Neuroevolution
Evolving Artificial Neural Networks Topology From the Scratch
The most popular method of Artificial Neural Networks (ANN) training - at the time of this essay writing - is to use some form of Gradient Descent (GD) combined with error back propagation w.r.t. objective function defining our learning goal. This methodology was invented about 30 years ago by Geoffrey Hinton and become a foundation of all modern research activities in the Deep Machine Learning (ML) and the Artificial Intelligence (AI). But despite the fact that it gives immense power in areas of pattern recognition (feature or representation learning) it has considerable weakness:
- the network topology must be fully hand-engineered before training starts and only connection weights encapsulate learned knowledge, the network topology remain the same
- as a result it may introduce oversatturated neural units which don not take part in the training/inference process but simply consuming comptunig resources
- special methodic must be applied to avoid sticking into local optima such as L1/L2-norm, dropout regularizations, etc
- exploding or diminishing learning gradient issues during back/forward propagation
- implemented solutions can generalize only in the narrow scope learned from provided training samples
To overcome some of the drawbacks of GD-based training it was proposed to use alternative methods to train/evolve neural networks with group of algorithms inspired by natural selection and genetic evolution. It was given name Genetic Algorithms (GA) to address the source of inspiration and due to its attempt to mimic natural process of genetic mutations, crossover and selection, while trying to solve objective function optimization problem. There are many types of such algorithms was invented during last years.

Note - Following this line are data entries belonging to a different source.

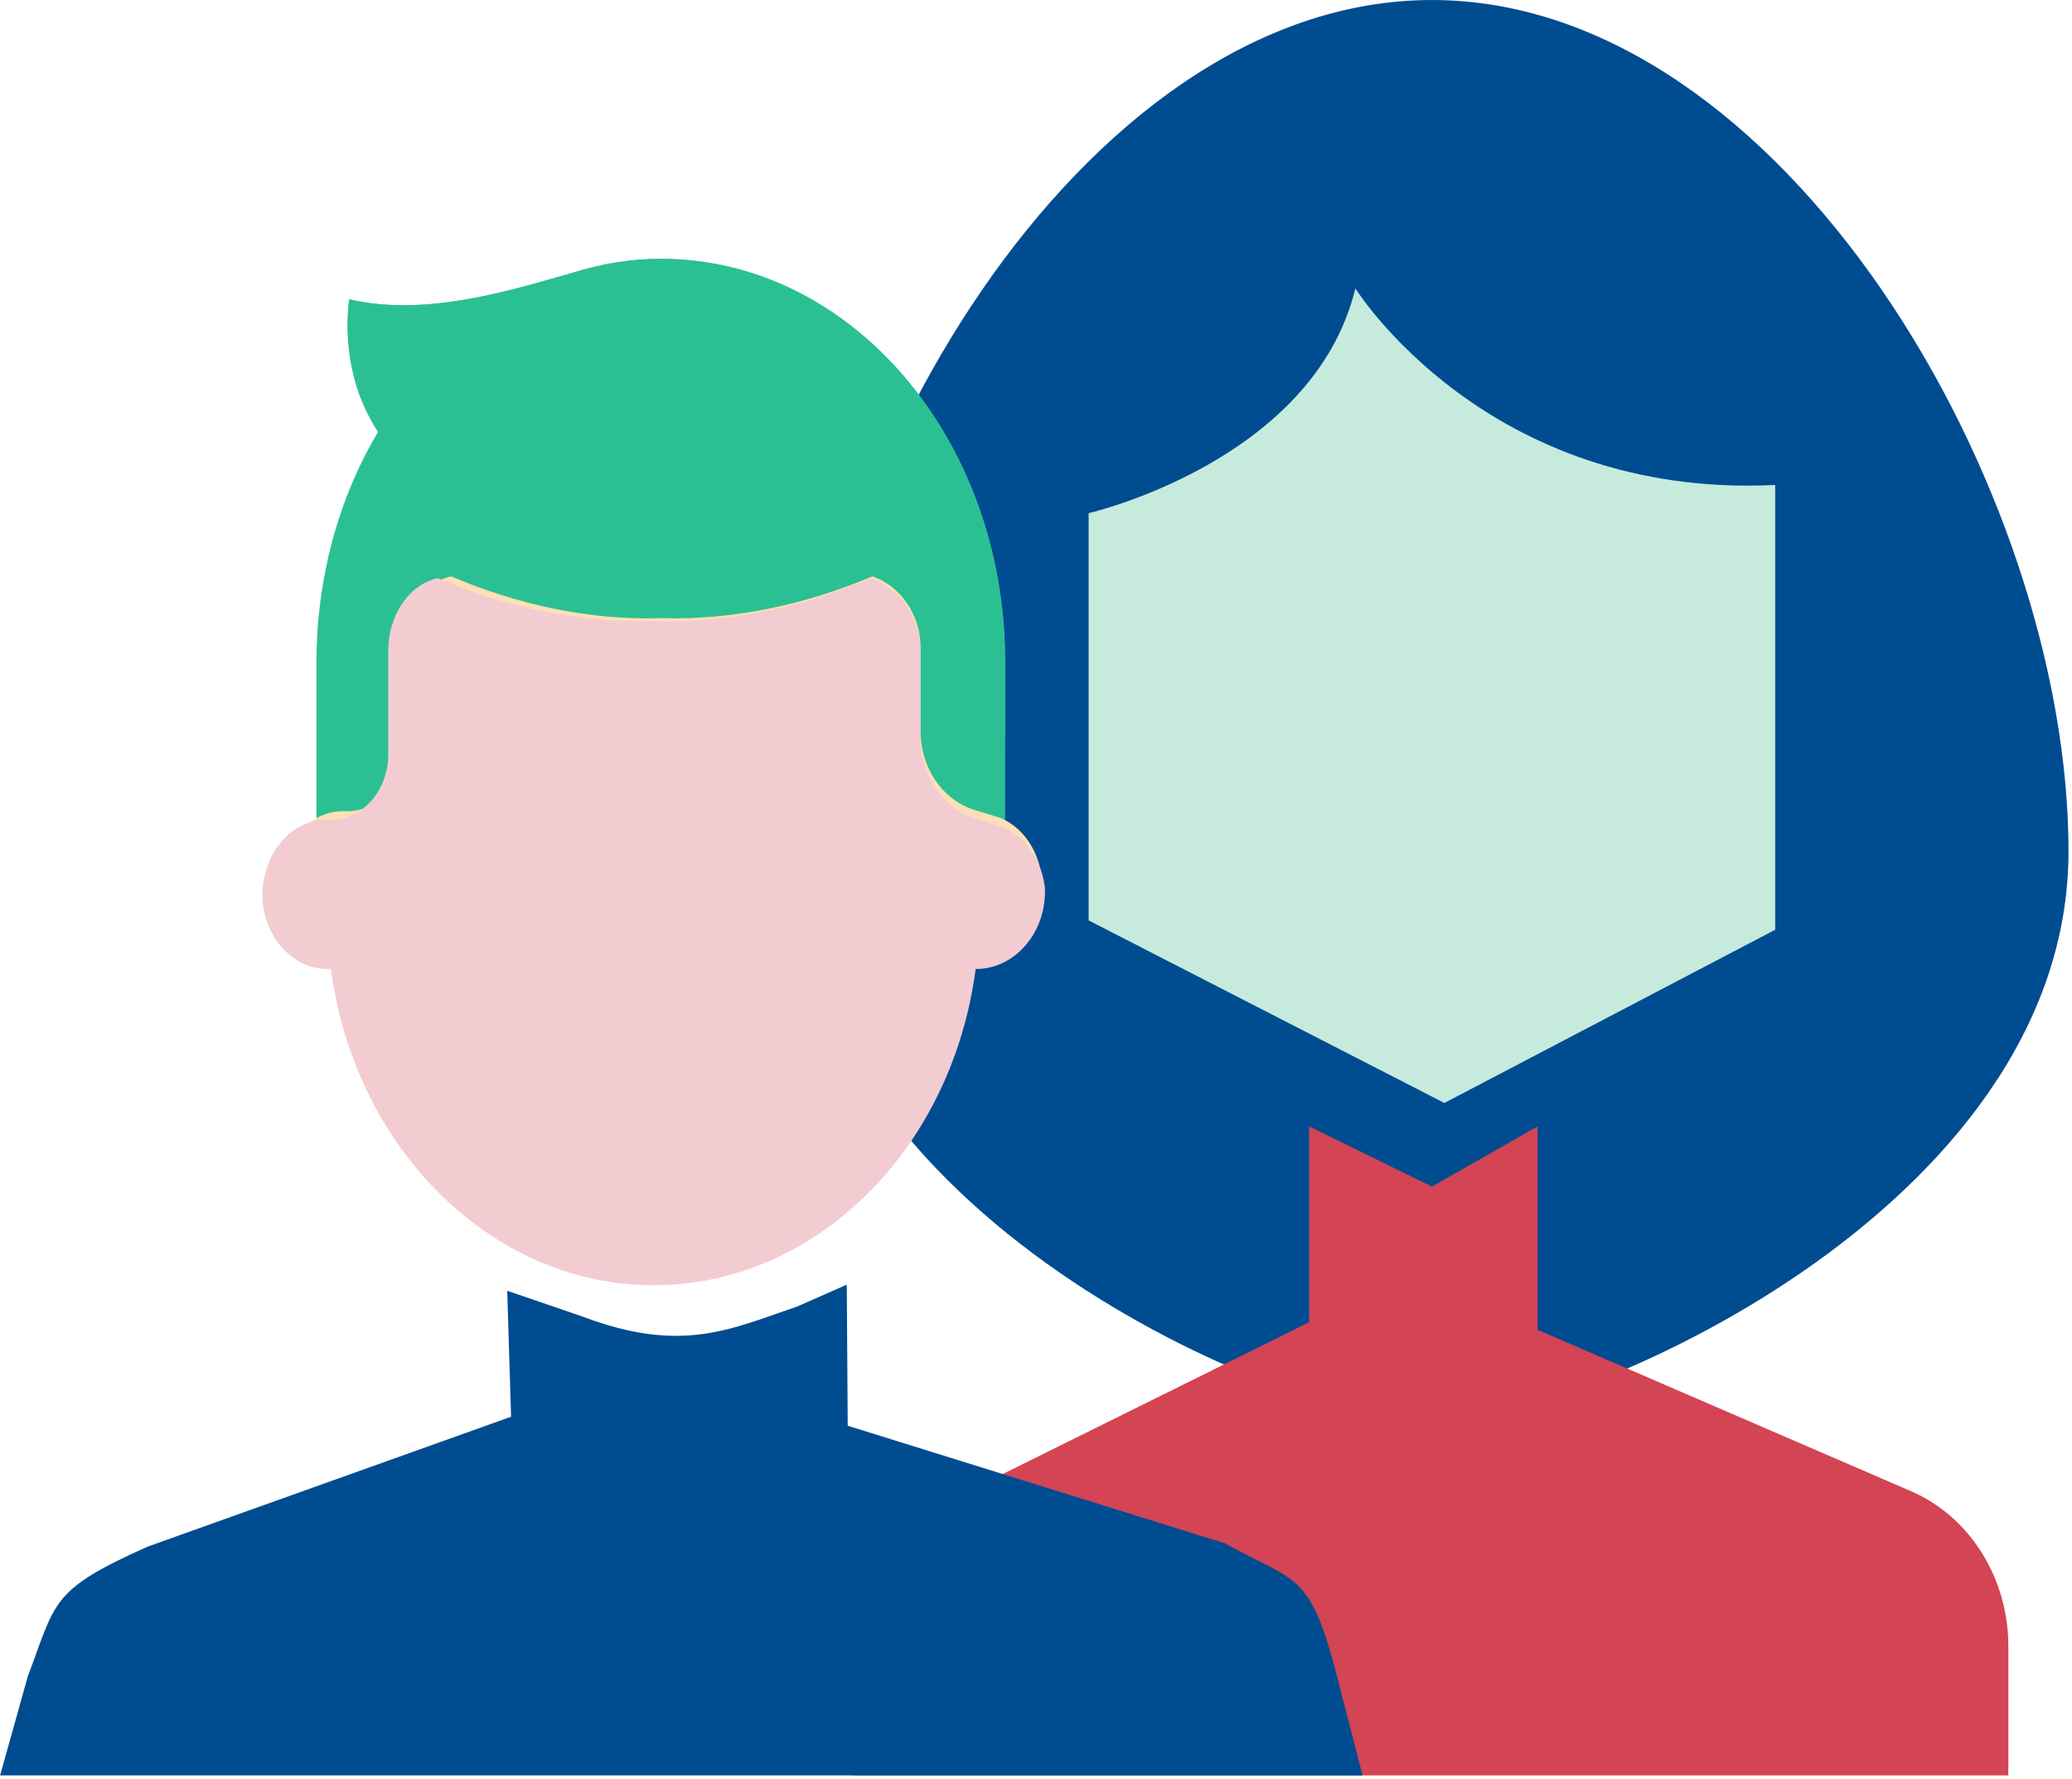 <svg width="466" height="400" viewBox="0 0 466 400" fill="none" xmlns="http://www.w3.org/2000/svg">
<path d="M465.212 191.38C465.212 272.473 353.266 319.792 322.042 319.792C289.035 319.792 178.872 272.473 178.872 191.38C178.872 110.287 242.979 0 322.042 0C401.105 0 465.212 110.262 465.212 191.38Z" fill="#004C91"/>
<path d="M304.833 64.847C304.833 64.847 334.299 112.215 399.247 109.046V209.056L324.84 248.006L244.836 206.952V115.385C244.836 115.385 295.349 103.796 304.833 64.847Z" fill="#C6EBDD"/>
<path d="M215.967 336.171L294.432 297.311V253.273L322.05 266.819L345.796 253.273V299.011L429.785 335.294C443.002 341.005 451.682 354.817 451.682 370.143V399.201H192.122V371.789C192.122 355.64 201.739 341.27 215.967 336.171Z" fill="#D34454"/>
<g clip-path="url(#clip0)">
<path d="M33.242 347.751L114.942 318.557L114.076 290.231L130.95 296.012C153.304 304.466 164.264 298.902 179.479 293.7L190.44 288.858L190.656 320.581L275.528 347.028C291.176 355.772 294.421 353.243 300.334 375.499L306.463 399.273H0L6.273 376.872C12.619 360.18 11.177 357.578 33.242 347.751Z" fill="#004C91"/>
<path d="M148.617 58.201C142.127 58.201 135.637 59.212 129.147 61.236C114.87 65.282 95.833 71.352 78.527 67.306C77.229 77.928 79.392 88.55 85.016 97.15C75.931 112.324 71.171 130.534 71.171 148.816V195.93H226.062V148.816C226.062 98.739 191.449 58.201 148.617 58.201Z" fill="#2BC093"/>
<path d="M148.616 58.201C142.127 58.201 135.637 59.212 129.147 61.236C114.869 65.282 95.833 71.352 78.526 67.306C77.661 74.893 78.526 82.481 81.122 89.562C97.563 92.091 115.302 86.021 129.147 82.481C178.47 67.811 226.061 110.807 226.061 170.061V148.816C226.061 98.739 191.449 58.201 148.616 58.201Z" fill="#2BC093"/>
<path d="M234.282 197.231C233.416 190.294 229.09 184.874 223.465 183.429L218.706 181.984C211.784 179.527 207.025 172.59 207.025 164.208V145.42C207.025 138.049 202.265 131.618 196.208 129.595C181.065 136.026 164.625 139.494 148.616 138.989C132.608 139.494 116.6 136.026 101.457 129.595C94.967 131.04 90.641 137.977 90.641 145.42V168.11C90.641 175.986 85.016 182.418 78.094 182.418C70.739 181.912 64.681 187.837 63.383 195.714C61.653 205.613 68.575 214.935 77.228 214.935H78.094C83.286 254.462 113.571 284.089 148.616 284.089C184.094 284.089 213.947 254.462 219.139 214.935H220.004C228.225 214.501 234.714 206.625 234.282 197.231Z" fill="#FFDFB5"/>
</g>
<path d="M235 199.576C234.11 192.44 229.662 186.865 223.879 185.379L218.986 183.892C211.869 181.365 206.976 174.229 206.976 165.606V146.279C206.976 138.697 202.083 132.081 195.856 130C180.287 136.616 163.384 140.184 146.926 139.663C130.467 140.184 114.009 136.616 98.44 130C91.768 131.487 87.32 138.623 87.32 146.279V169.62C87.32 177.722 81.537 184.338 74.42 184.338C66.858 183.818 60.631 189.913 59.296 198.09C57.517 208.273 64.634 217.863 73.53 217.863H74.42C79.758 258.523 110.895 289 146.926 289C183.401 289 214.093 258.523 219.431 217.863H220.321C228.772 217.342 235.444 209.24 235 199.576Z" fill="#F3CCD2"/>
<defs>
<clipPath id="clip0">
<rect y="58.201" width="306.391" height="341" fill="white"/>
</clipPath>
</defs>
</svg>

But my main interest in this essay is to present a kind of GA which can be applied to evolve ANNs from the most simple forms to the complex ones in order to find objective function optimization solution not only by changing weights of connections between neural units, but by evolving the topology of network graph itself.
I would like to consider Neuroevolution of Augmented Topologies (NEAT) algorithm invented by Kenneth O. Stanley as part of his Phd Thesis in years 2002-2004. With this method of ANN evolution, search for complex solutions made feasible through graduate complexification of network topology. By starting with minimal ANN the NEAT is more likely to find efficient and robust solution, avoiding sticking at the local optima as in cases with other GA methods which starts with elaborated network graphs and mutate them during training.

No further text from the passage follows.